Figure 5.

Adjusted differences in the mean 5-y rate of change in global cognition, processing speed, and episodic memory per 1-standard deviation increment in tailpipe-related traffic-related air pollution exposure, estimated from sensitivity analyses. Note: All models adjusted for baseline age, sex, race, study time, educational attainment, smoking status, community noise level, neighborhood socioeconomic status, calendar year of the baseline visit, and cross-products between these variables and study time. In addition, although the CHAP collected data on its participants from 1993 to 2012, model-based predicted values for ${\mathrm{PM}}_{2.5–10,\mathrm{Cu}}$ and ${\mathrm{PM}}_{2.5–10,\mathrm{Zn}}$ were available for 2009 only. To partially address this misalignment of exposure and outcome ascertainment, we used the procedure described in the main text to assign 3-y TRAP exposures to each participant in our analytic sample.
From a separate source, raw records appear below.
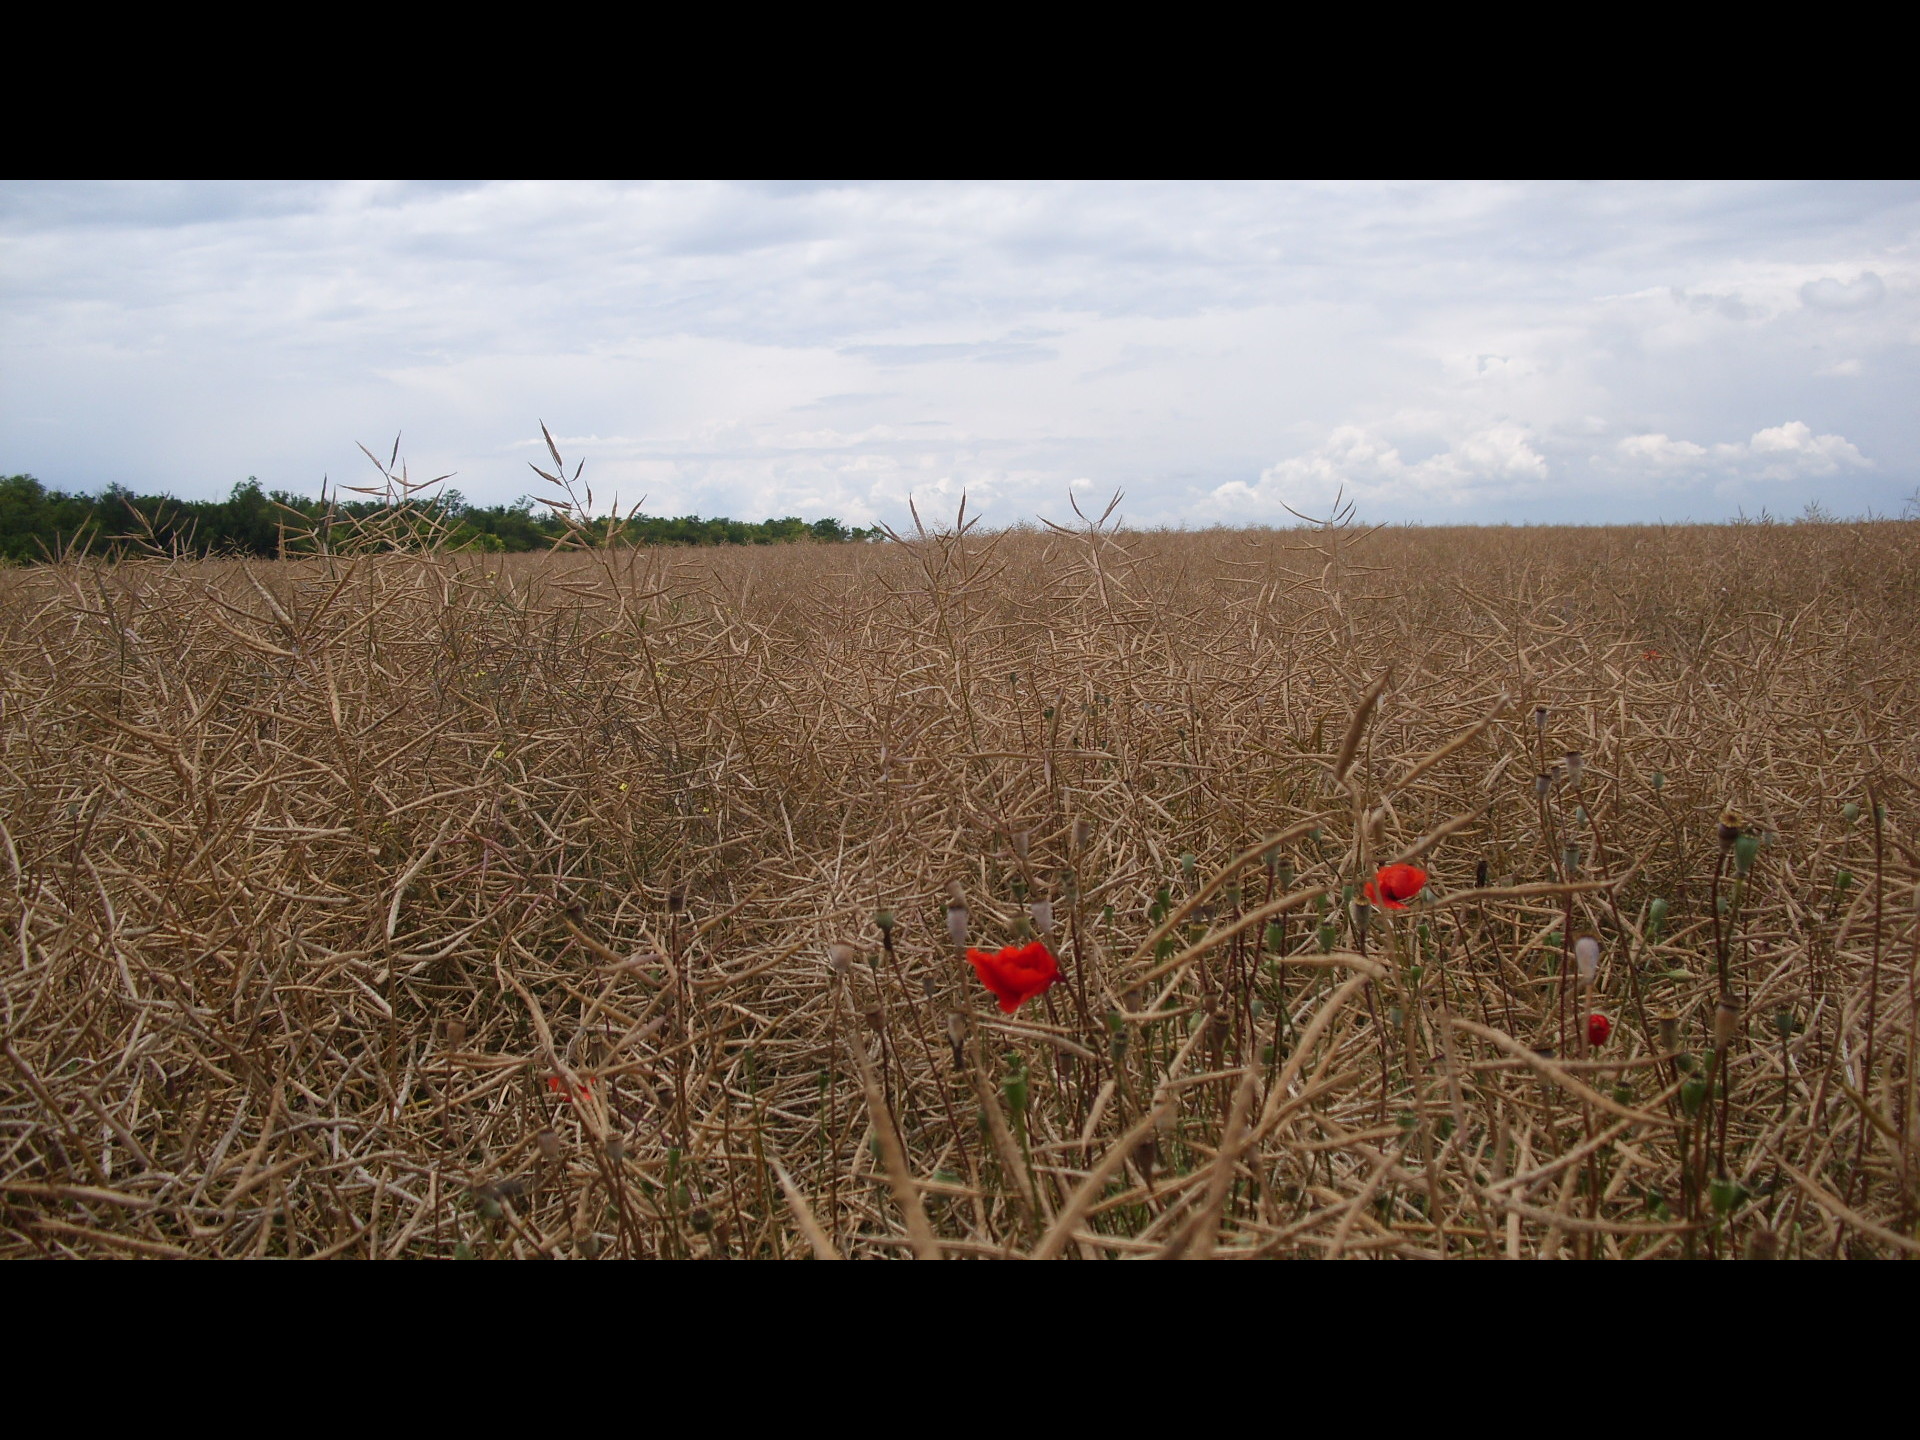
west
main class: Cropland
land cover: Rape and turnip rape
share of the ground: > 75 %
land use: Agriculture (excluding fallow land and kitchen gardens)
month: June
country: BG
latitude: 43.6371
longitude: 23.5705

To explore the impact of potential post-enrollment selection biases and our choice of a 3-y exposure window, we conducted the following sensitivity analyses: a) incorporating stabilized inverse probability of continuation due to not dying weights into our outcome models; b) incorporating stabilized inverse probability of continuation due to not dying weights into our outcome models, censoring follow-up time once a participant became at least 90 y of age; c) incorporating stabilized inverse probability of continuation weights, which were defined as the product of the inverse probability of continuation due to not dying and the inverse probability of continuation due to not dropping out of the study; d) restricting to those eligible for a 5-y exposure window [i.e., those who had at least one CHAP visit 5 y after their working start date described in the main text, and estimating 5-y and 3-y TRAP exposure among those eligible for 5-y exposure windows (“5-year exposure” and “3-year exposure among the 5-year exposure subset,” respectively)]. For all sensitivity analyses, we assumed as with our primary analyses that 2009 predicted ${\mathrm{PM}}_{2.5–10,\mathrm{Cu}}$ and ${\mathrm{PM}}_{2.5–10,\mathrm{Zn}}$ concentrations reflect, at least in rank ordering, what would have been observed for each CHAP participant at their analytic baseline visit. CHAP, Chicago Health and Aging Project; PM, particulate matter; TRAP, traffic-related air pollution.